Wagoner also told The Times that organizers remain “in close contact” with the Seattle Police Department. 

Until last year, SPD uniformed officers marched in the parade and had been doing so since 1994.

Organizers said the 2022 decision to ban officers was "Due to the history of Stonewall Sunday and the fact that Pride was birthed from a riot against police brutality, Seattle Pride will not permit police uniforms, police vehicles, any police insignia, or police propaganda to walk in any parade contingency." Seattle firefighters were allowed to march at the parade in uniform.



Capitol Hill Pride, a different local LGBTQIA+ organization in Seattle, announced they will also be continuing their ban on uniformed officers at their march and rally the day before the Seattle Pride Parade.

SPD Chief Adrian Diaz announced last year that officers wouldn’t march in the parade, but published an open letter calling out organizers’ decision.

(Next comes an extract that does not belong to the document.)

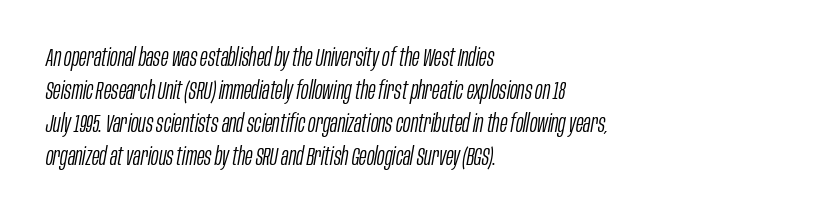
The image shows 25 px text type, italic (leaning right); set left-aligned, normal line spacing (1.32x), normal letter spacing, not underlined.

“The Executive Board’s decision, described as ‘discriminatory, demeaning, hateful and antiquated’ by SPD Missing Persons Unit Detective Aimee LaClaire, has been met with sadness by SPD’s more than 100 LGBTQIA+ officers, commanders, and civilians, many of whom proudly walked in the parade annually with colleagues, family, and friends. The Executive Board’s decision is especially hurtful because other city workers will be allowed to participate in uniforms or insignia that identify their department, but not SPD.”  

Diaz added that the move by parade organizers could jeopardize progress in diversifing the department by recruiting more LGBTQIA+ officers, recruits that are desperately needed because the department is severely short-staffed.

In a statement to The Post Millennial, the Seattle Police Officers Guild said the group “…once again strongly disagrees with the decision to ban uniformed Seattle Police officers from marching in Seattle’s Pride Parade.”

SPOG President Mike Solan said, “SPOG members took an oath to serve our entire community equally and without discrimination.  It’s a shame to see that the commitment to equality and inclusion doesn’t flow in both directions.”
 
Solan added “Banning uniformed Seattle Police officers from Pride events is disgusting, bigoted, discriminatory and contradicts our community’s beautiful inclusive LGBTQ message. SPOG LGBTQ members serve our community with distinction and pride. They value inclusiveness and demand respect not only for proudly being LGBTQ but for serving our community as police officers.

"Anyone that believes in their banishment has no place in Seattle and does not believe in the inclusive LGBTQ message. To date, close to 600 police officers have left our agency. The bigoted decisions banning uniformed officers from Pride events do not aid in stopping this mass exodus of cops. All we ask as SPOG members is some reasonable messaging of support from our elected officials and people in positions of power/influence. Police are fantastic human beings, especially SPOG members.”
 
Solan noted that SPD officers are “currently working under an expired labor contract now 2.5 years and counting. It’s time the city delivers a fair and competitive labor contract. The Seattle community cannot stand to lose more of our professional police officers. Public Safety continues to be at risk.”

Last year, the director of Capitol Hill Pride, Charlette LeFevre, filed a complaint with the Office of Police Accountability after five uniformed Seattle Police Department officers showed up to the event. The oversight agency found the officers did nothing wrong and also ruled that a second complaint, alleging that three uniformed officers showed up to the Seattle Pride Parade, was unfounded.